Finding a tricky bug in Elasticsearch 8.4.2

Tagged with debugging stories
Posted 5 October 2022

A few weeks ago, I helped to find a bug in Elasticsearch 8.4.2. We’d started seeing issues in our Elastic cluster at work, and I was able to isolate the issue in a small, reproducible test case. I shared my code with Elastic engineers, and that helped them identify and fix the problem.

I was pretty pleased with my bug report – it was a simple, self-contained example with an obvious smoking gun. A previously elusive bug became reproducible, which led straight to the faulty code.

I got there with a classic debugging cycle: find a reproducible error, delete something, see if the error reproduces. Repeat until there’s nothing left to delete.

I thought it might be interesting to walk through the process; to explain my steps and my thinking. Every bug is different, but the same techniques appear again and again. Even if you don’t use Elasticsearch, I hope this will give you some ideas for debugging your next error.

Uh oh, something’s up

On the Thursday in question, we started getting alerts from our website monitoring – some people searching our collections were getting error pages:

A Slack message: ‘CloudFront: 5xx errors detected. 2 errors / 6.5K requests / link to logs in S3.’ Followed by two URLs for pages on wellcomecollection.org.

As a proportion of overall traffic, it was pretty small – but alerts like this started to pile up in Slack. Even if it wasn’t completely down, the website was having issues.

These alerts come from CloudFront. We run CloudFront in front of the website, and we upload our access logs to an S3 bucket. There’s a Lambda that gets notified of uploads in that bucket, and it scans every new log file. If it sees any 5xx server errors, it posts an alert to Slack. CloudFront uploads logs every few minutes, so we find out about issues pretty quickly.

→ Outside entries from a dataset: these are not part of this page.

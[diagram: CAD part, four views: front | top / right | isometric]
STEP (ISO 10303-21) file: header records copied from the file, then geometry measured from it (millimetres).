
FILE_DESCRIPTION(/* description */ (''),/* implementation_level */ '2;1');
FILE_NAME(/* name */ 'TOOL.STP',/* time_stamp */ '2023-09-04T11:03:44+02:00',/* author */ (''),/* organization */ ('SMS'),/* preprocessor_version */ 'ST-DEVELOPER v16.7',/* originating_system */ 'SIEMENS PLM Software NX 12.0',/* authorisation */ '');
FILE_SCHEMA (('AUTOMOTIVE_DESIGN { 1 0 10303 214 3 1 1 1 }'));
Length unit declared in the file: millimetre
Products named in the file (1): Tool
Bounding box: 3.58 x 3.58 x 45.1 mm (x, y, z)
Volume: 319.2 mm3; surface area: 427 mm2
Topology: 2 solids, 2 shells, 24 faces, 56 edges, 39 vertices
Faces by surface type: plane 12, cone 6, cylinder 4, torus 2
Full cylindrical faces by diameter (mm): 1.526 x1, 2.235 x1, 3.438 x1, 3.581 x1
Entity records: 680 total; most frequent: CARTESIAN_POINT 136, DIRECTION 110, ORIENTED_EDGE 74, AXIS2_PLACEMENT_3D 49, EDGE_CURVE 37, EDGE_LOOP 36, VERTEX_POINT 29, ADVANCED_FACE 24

A hand-drawn illustration of our Slack alerting architecture. A user (a grey silhouette) makes a request to CloudFront (a purple circle). This gets sent to the website (a grey box) and the logs in S3 (a green bucket). The logs in S3 get sent to a Lambda function (an orange Greek letter Lambda), which forwards them to Slack.

Before this setup, we only found out about outages from our automated uptime monitoring (which only checks a sample of pages) or when a user reported an error (which are much slower to arrive). Getting near-realtime alerts of unexpected errors means we can fix them much faster.

As the errors stacked up in Slack, the meaning was obvious: something had gone bang.

Is it just me, or is something broken?

The Slack alert includes the affected URLs, so we can click to go straight to the failing page. This is intentional: trying to reproduce the error is the first step of debugging, and putting the URLs in Slack makes it as easy as possible to reproduce a failing request.

When we clicked, we all saw the error page – these searches were failing for us, and they were failing consistently.

We discovered that some – indeed, most – searches were still working, and they worked consistently. For example, searches for “SA/DRS/B/1/17 Box 2” would always fail, but searches for “bolivia” would always succeed.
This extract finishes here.